Stored items:
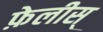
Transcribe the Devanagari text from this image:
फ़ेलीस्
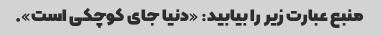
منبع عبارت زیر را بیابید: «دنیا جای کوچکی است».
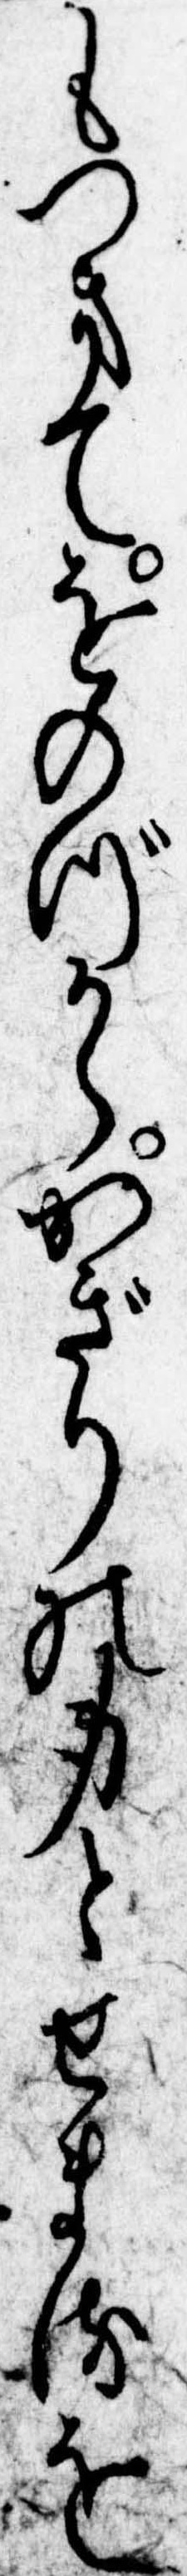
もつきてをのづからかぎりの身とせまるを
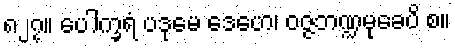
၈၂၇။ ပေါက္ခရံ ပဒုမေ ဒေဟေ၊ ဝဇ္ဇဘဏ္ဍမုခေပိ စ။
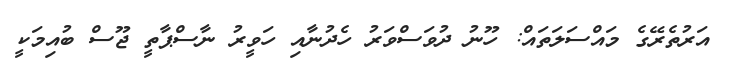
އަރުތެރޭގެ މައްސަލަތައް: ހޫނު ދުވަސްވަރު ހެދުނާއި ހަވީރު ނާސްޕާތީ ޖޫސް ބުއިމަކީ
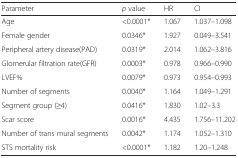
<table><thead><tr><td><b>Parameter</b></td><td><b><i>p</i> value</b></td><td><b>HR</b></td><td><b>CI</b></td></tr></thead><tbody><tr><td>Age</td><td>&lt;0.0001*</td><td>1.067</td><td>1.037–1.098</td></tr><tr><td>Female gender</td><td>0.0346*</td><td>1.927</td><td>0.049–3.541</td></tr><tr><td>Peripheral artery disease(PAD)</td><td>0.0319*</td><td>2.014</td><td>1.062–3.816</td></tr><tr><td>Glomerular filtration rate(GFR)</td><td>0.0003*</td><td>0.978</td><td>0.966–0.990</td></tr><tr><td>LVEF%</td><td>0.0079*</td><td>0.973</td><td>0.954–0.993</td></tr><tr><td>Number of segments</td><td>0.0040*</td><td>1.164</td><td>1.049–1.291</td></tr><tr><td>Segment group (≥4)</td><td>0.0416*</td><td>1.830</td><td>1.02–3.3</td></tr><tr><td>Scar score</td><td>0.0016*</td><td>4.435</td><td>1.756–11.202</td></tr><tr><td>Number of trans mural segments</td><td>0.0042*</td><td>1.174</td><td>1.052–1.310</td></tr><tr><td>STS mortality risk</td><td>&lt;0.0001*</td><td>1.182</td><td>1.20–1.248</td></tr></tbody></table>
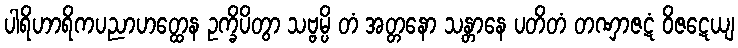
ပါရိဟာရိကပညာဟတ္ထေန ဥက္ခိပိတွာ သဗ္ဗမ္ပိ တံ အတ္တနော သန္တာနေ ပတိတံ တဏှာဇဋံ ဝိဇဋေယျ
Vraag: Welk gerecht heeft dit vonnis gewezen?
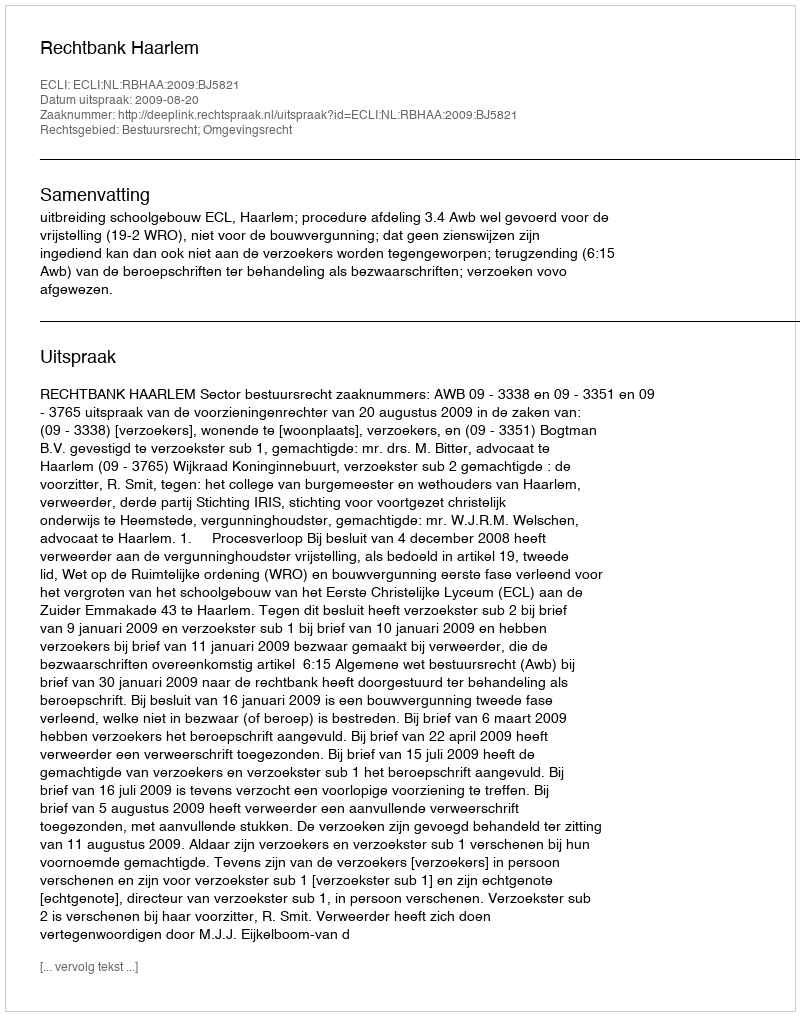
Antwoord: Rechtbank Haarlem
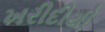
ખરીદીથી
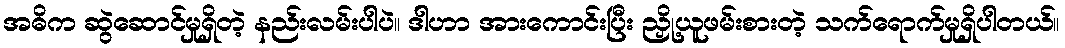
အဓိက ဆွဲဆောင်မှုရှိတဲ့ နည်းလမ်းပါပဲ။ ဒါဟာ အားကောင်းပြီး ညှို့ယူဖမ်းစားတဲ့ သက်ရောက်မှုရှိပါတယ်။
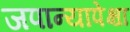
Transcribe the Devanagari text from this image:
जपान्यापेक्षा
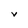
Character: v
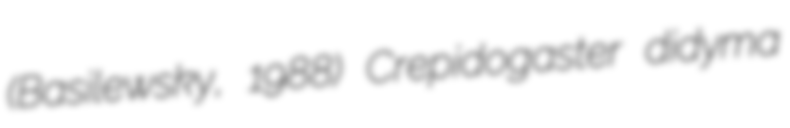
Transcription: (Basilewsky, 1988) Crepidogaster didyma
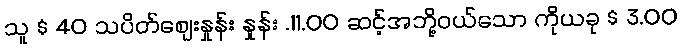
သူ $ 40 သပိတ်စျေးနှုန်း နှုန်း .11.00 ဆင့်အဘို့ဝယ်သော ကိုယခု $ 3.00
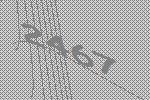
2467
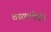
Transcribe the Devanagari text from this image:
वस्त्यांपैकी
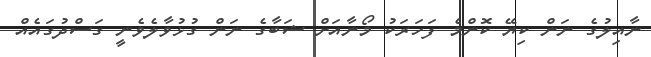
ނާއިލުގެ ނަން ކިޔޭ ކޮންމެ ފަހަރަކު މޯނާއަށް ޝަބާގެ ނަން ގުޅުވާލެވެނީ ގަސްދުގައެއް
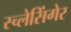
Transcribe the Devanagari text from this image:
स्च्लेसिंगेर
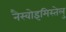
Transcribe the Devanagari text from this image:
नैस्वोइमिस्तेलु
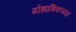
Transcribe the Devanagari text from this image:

▶ **EXERCISE**:
Could you copy all of the entries above exactly, without the pictures?

▶ **EXERCISE RESPONSE**:
Transcribe the Devanagari text from this image:
फ़ेलीस्
منبع عبارت زیر را بیابید: «دنیا جای کوچکی است».
もつきてをのづからかぎりの身とせまるを
၈၂၇။ ပေါက္ခရံ ပဒုမေ ဒေဟေ၊ ဝဇ္ဇဘဏ္ဍမုခေပိ စ။
އަރުތެރޭގެ މައްސަލަތައް: ހޫނު ދުވަސްވަރު ހެދުނާއި ހަވީރު ނާސްޕާތީ ޖޫސް ބުއިމަކީ
<table><thead><tr><td><b>Parameter</b></td><td><b><i>p</i> value</b></td><td><b>HR</b></td><td><b>CI</b></td></tr></thead><tbody><tr><td>Age</td><td>&lt;0.0001*</td><td>1.067</td><td>1.037–1.098</td></tr><tr><td>Female gender</td><td>0.0346*</td><td>1.927</td><td>0.049–3.541</td></tr><tr><td>Peripheral artery disease(PAD)</td><td>0.0319*</td><td>2.014</td><td>1.062–3.816</td></tr><tr><td>Glomerular filtration rate(GFR)</td><td>0.0003*</td><td>0.978</td><td>0.966–0.990</td></tr><tr><td>LVEF%</td><td>0.0079*</td><td>0.973</td><td>0.954–0.993</td></tr><tr><td>Number of segments</td><td>0.0040*</td><td>1.164</td><td>1.049–1.291</td></tr><tr><td>Segment group (≥4)</td><td>0.0416*</td><td>1.830</td><td>1.02–3.3</td></tr><tr><td>Scar score</td><td>0.0016*</td><td>4.435</td><td>1.756–11.202</td></tr><tr><td>Number of trans mural segments</td><td>0.0042*</td><td>1.174</td><td>1.052–1.310</td></tr><tr><td>STS mortality risk</td><td>&lt;0.0001*</td><td>1.182</td><td>1.20–1.248</td></tr></tbody></table>
ပါရိဟာရိကပညာဟတ္ထေန ဥက္ခိပိတွာ သဗ္ဗမ္ပိ တံ အတ္တနော သန္တာနေ ပတိတံ တဏှာဇဋံ ဝိဇဋေယျ
Vraag: Welk gerecht heeft dit vonnis gewezen?
Antwoord: Rechtbank Haarlem
ખરીદીથી
အဓိက ဆွဲဆောင်မှုရှိတဲ့ နည်းလမ်းပါပဲ။ ဒါဟာ အားကောင်းပြီး ညှို့ယူဖမ်းစားတဲ့ သက်ရောက်မှုရှိပါတယ်။
Transcribe the Devanagari text from this image:
जपान्यापेक्षा
Character: v
Transcription: (Basilewsky, 1988) Crepidogaster didyma
သူ $ 40 သပိတ်စျေးနှုန်း နှုန်း .11.00 ဆင့်အဘို့ဝယ်သော ကိုယခု $ 3.00
2467
Transcribe the Devanagari text from this image:
वस्त्यांपैकी
ނާއިލުގެ ނަން ކިޔޭ ކޮންމެ ފަހަރަކު މޯނާއަށް ޝަބާގެ ނަން ގުޅުވާލެވެނީ ގަސްދުގައެއް
Transcribe the Devanagari text from this image:
स्च्लेसिंगेर
Transcribe the Devanagari text from this image:
नैस्वोइमिस्तेलु
Transcribe the Devanagari text from this image:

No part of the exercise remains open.